It’s amazing how far the geospatial community has come in the quick and largely volunteer effort to respond to large-scale disasters. There are now dedicated sites and corps of crisis mappers that map from afar, and visit the site of the disaster to help relief agencies and governments in their response. Among the activities ongoing or planned are:
- GeoEye imagery from before and after the quake is available on Google Maps and Google Earth
- Digital Globe is offering free access to both pre- and post-earthquake imagery until January 28, 2010 with our ImageConnect plug-in for GIS software.
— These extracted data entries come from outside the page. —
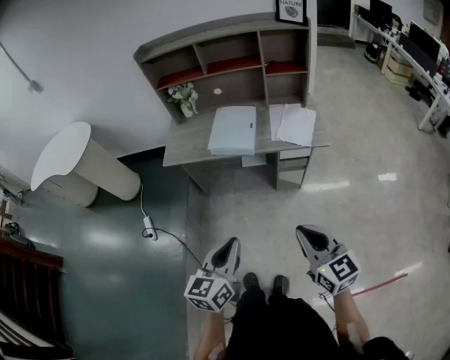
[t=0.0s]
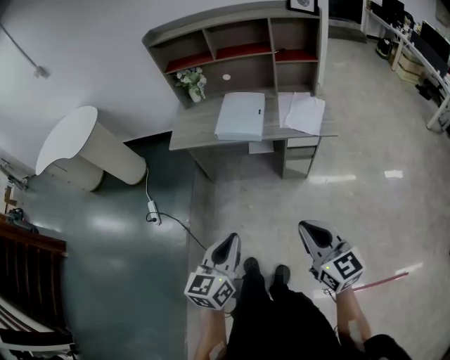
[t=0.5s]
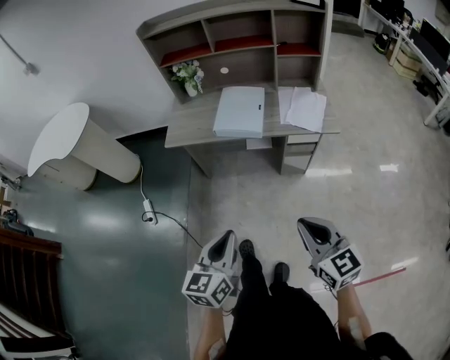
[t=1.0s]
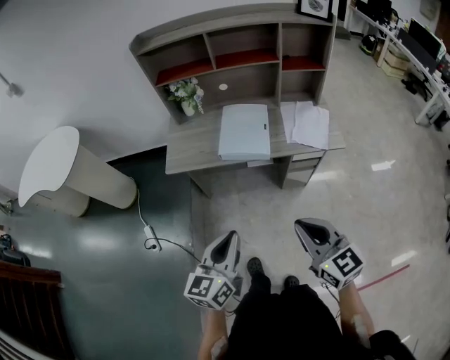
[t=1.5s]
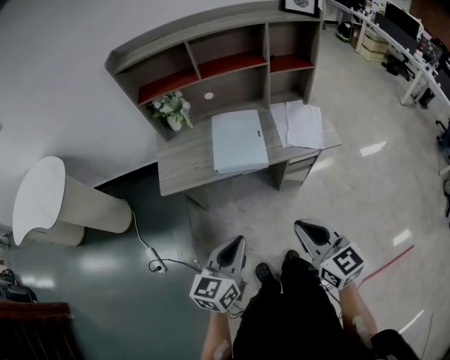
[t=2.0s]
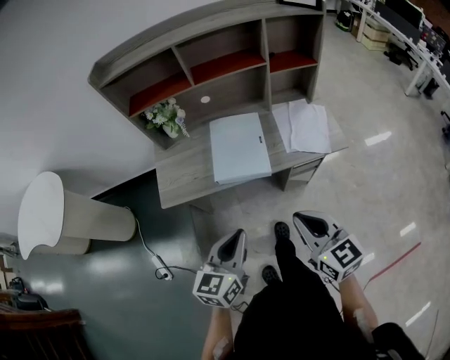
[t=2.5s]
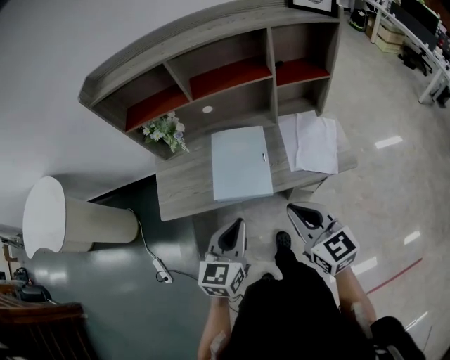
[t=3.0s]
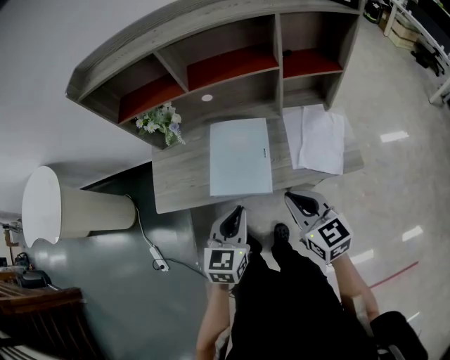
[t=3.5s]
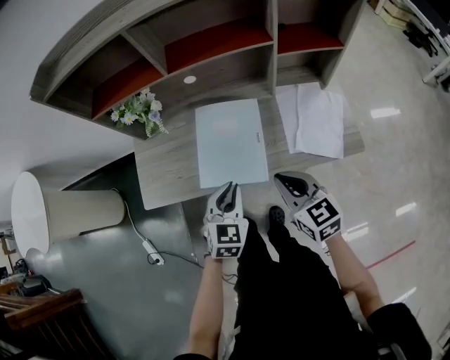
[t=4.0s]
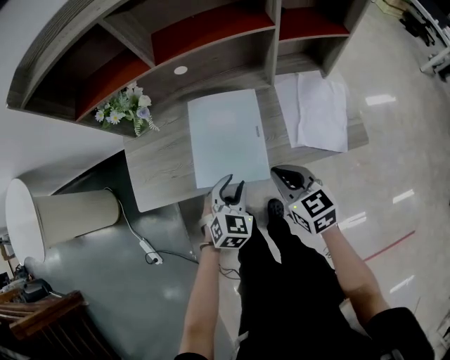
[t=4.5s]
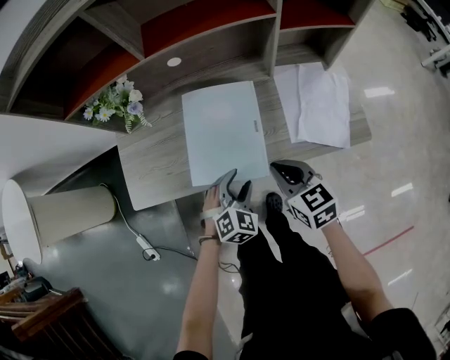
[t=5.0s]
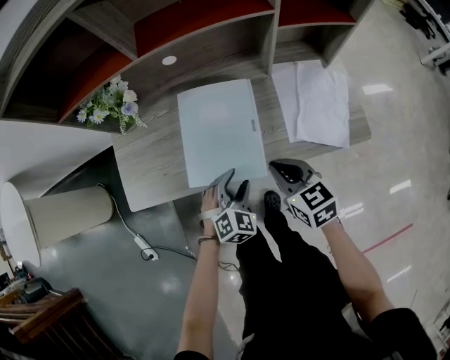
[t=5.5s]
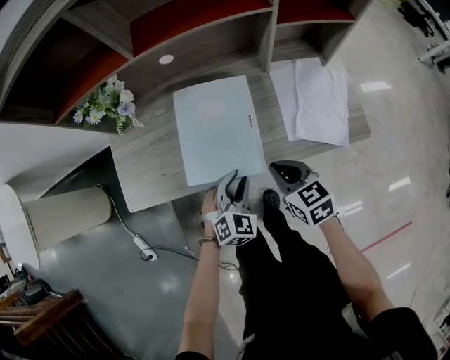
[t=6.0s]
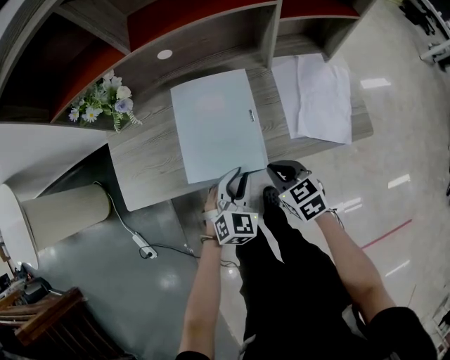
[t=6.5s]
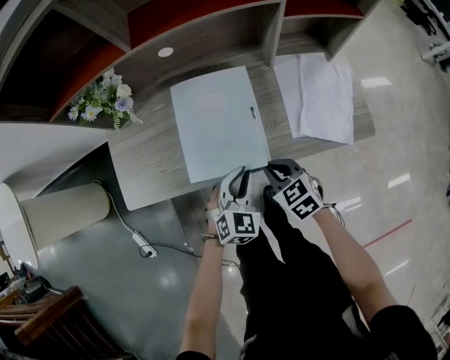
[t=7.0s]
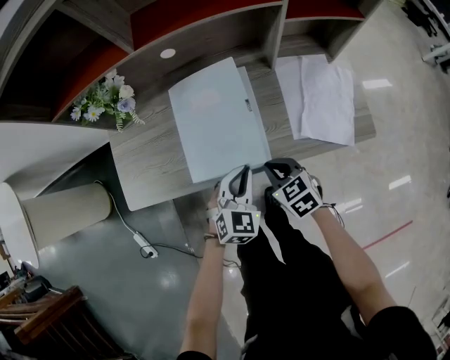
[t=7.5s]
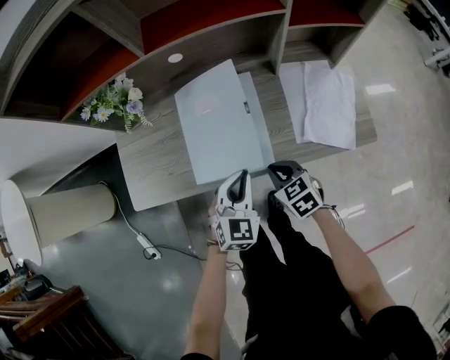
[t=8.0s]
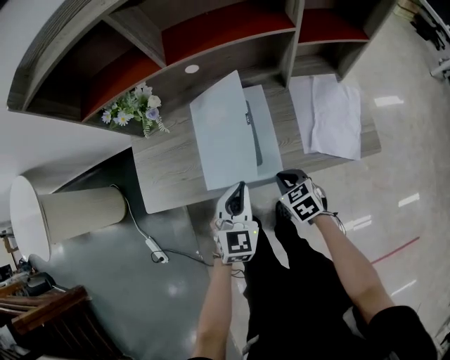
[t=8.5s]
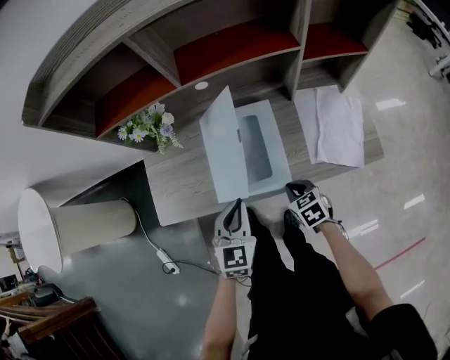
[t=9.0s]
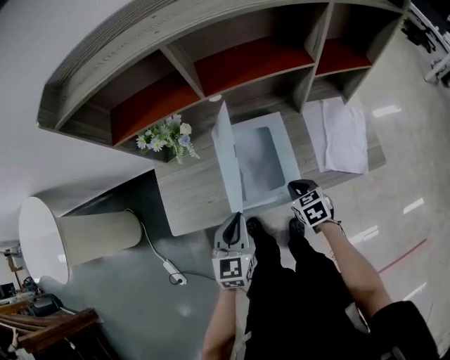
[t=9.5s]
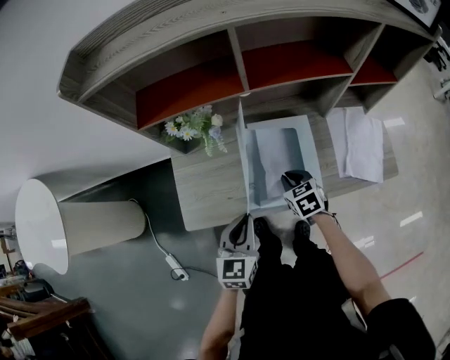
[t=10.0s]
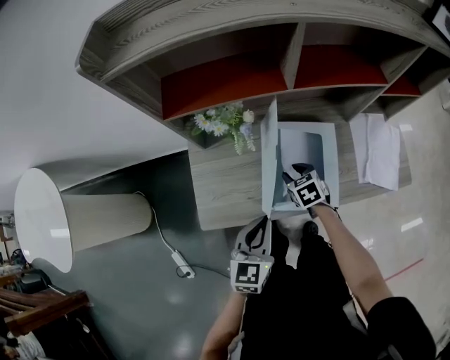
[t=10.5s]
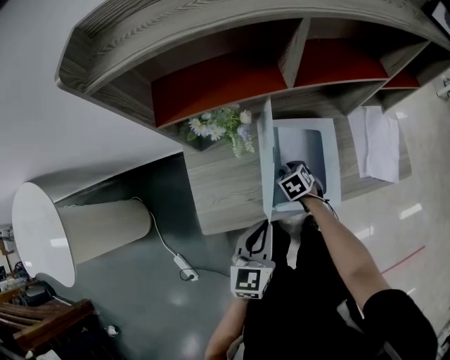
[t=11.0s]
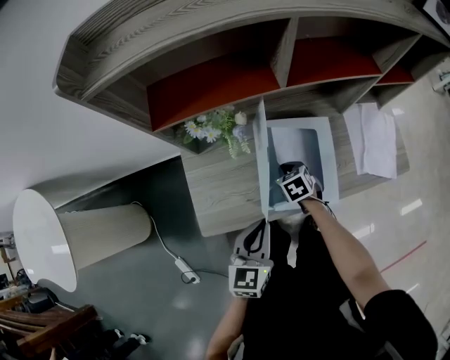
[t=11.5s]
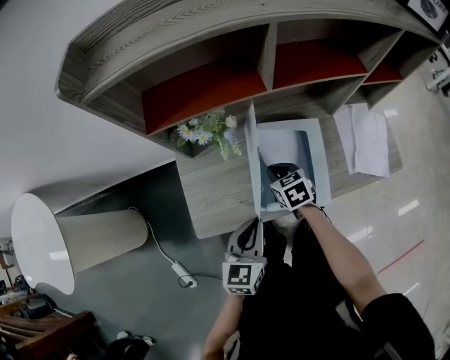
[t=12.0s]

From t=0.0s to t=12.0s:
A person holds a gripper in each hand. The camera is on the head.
From t=0.0s to t=2.0s: Both grippers move forward and to the left, some 20 cm.
From t=2.0s to t=4.0s: Both grippers travel together forward, approximately 30 cm. The left gripper changes its angle by roughly 30 degrees.
From t=4.0s to t=6.0s: Both grippers move downward, roughly 10 cm. The left gripper swivels roughly 20 degrees, and opens up.
From t=6.0s to t=8.0s: The right gripper travels downward by roughly 5 cm; the left gripper shifts by approximately 5 cm, and closes up.
From t=8.0s to t=10.0s: The right gripper goes about 15 cm forward and to the left. Meanwhile the left gripper is displaced to the left and upward by some 20 cm, and turns by some 30 degrees.
From t=10.0s to t=12.0s: The right gripper moves to the left, about 10 cm, reaches approximately 10 cm downward, then returns, and opens, then closes once more.

- ESRI has a disaster response and assistant team that’s ready to help with software, data, imagery, project services, and technical support
- Google has opened up their Map Maker data for Haiti to the UN for relief work
- Ushahidi, a site started as an African Open-Source Project, has set up open source mapping at Haiti.Ushahidi.com
- The Relief Map Warper, a service of the New York Public Library, provides a means to rectify maps and images against a real map
- Fortius One’s GeoCommons has a four-layer map of quake reports
- There’s an OpenStreetMap Wiki with links to data, and a call to action to add more details to the map
- The MapAction Emergency Mapping Service has sent a team to Haiti
- The GISCorps is mobilizing
GIS has clearly proven itself as a means to provide some order and assessment in the chaos of major disasters. It’s good to see the rapid response of seasoned professionals that can make a difference.